Several groups have generated potent neutralizing HuMAbs against DENV. In general, highly potent neutralizing antibodies are serotype-specific, bind to E-dimers or quaternary-structure epitopes, and inhibit both pre- and post-attachment steps61. In contrast, weak neutralizing antibodies are highly cross-reactive, bind to E-monomer FLEs, and inhibit the only pre-attachment step. Although all the HuMAbs generated in this study recognized typical epitope of weak neutralizing antibodies, they showed considerably low NT50 values, especially against DENV-2. The NT50 values were < 0.1 μg/ml, as low as those of previously reported highly potent neutralizing antibodies61. However, these values cannot be compared directly, because the neutralizing antibody titer is influenced by the host cell type, degree of viral maturation, virion breathing, and other assay conditions62,63. Thus, 4G2 (a low neutralizing FLE antibody) was used to standardize the NT50 assay. One of the HuMAb clones, 3G9, exhibited a NT50 that was 1000-fold lower than that of 4G2 against DENV-2 (Table 1). This was comparable to the findings of a previous study on potent neutralizing antibodies64, corroborating the suggestion that 3G9 is a promising neutralizing antibody.

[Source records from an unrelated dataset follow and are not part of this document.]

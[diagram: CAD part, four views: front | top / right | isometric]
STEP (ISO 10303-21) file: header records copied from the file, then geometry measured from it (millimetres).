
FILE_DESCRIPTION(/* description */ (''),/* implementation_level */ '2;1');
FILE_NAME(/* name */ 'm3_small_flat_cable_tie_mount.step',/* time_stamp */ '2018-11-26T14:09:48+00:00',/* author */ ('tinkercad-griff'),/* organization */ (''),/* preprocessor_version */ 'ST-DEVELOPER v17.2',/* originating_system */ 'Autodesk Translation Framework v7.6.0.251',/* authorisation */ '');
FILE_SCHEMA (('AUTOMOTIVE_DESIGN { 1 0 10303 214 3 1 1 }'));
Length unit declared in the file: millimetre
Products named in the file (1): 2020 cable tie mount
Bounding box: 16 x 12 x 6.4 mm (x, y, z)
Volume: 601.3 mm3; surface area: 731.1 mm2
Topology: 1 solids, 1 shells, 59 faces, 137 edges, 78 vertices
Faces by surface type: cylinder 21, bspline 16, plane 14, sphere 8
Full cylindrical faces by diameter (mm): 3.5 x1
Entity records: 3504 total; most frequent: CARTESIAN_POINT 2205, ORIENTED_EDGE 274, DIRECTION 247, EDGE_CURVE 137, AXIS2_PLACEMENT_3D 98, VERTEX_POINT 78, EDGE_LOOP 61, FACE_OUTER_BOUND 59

High neutralizing potency, especially against DENV-2, is beneficial, because the only licensed dengue vaccine (CYD-TDV) confers low-level protection against DENV-265,66. Cross-reactive neutralization is reported to play an important role in DENV-2 protection, while serotype-specific neutralization is key in protection against other serotypes for those who received CYD-TDV vaccination67. The HuMAbs described in this study could compensate for the drawbacks associated with the current dengue vaccine.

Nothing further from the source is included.